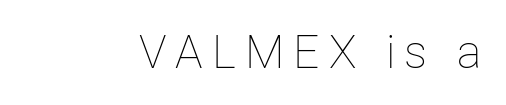
Q: Is the text bold? A: No.
Q: Is the text italic (slanted)? A: No, it is upright.
Q: Is the text underlined? A: No.
Q: Is the spacing between letters normal or unusually wide? A: Unusually wide.
Q: Width (condensed, normal, or wide)? A: Normal.
Q: Stroke contrast? A: Low.
Q: x-height? A: Medium.
Q: Monospaced? A: No.
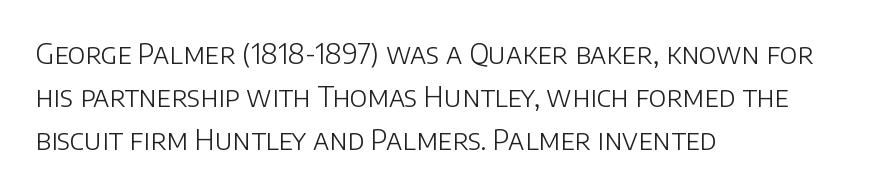
Leading matches the norm, producing a regular column. Inter-character spacing is left at the font's built-in metrics. Nope, no serifs anywhere on these letters. Unbolded letterforms with no extra heft. Anything drawn beneath the words? Only blank space. The typography opts for an upright posture over an oblique one.

_ _ _ _ _

Task description: Starting at the line with "Q: Stroke contrast? A: Low.", output each line through the final one of the listing above, and nothing else. Pictures are to be left out.

Answer section:
Q: Stroke contrast? A: Low.
Q: x-height? A: Medium.
Q: Monospaced? A: No.
Leading matches the norm, producing a regular column. Inter-character spacing is left at the font's built-in metrics. Nope, no serifs anywhere on these letters. Unbolded letterforms with no extra heft. Anything drawn beneath the words? Only blank space. The typography opts for an upright posture over an oblique one.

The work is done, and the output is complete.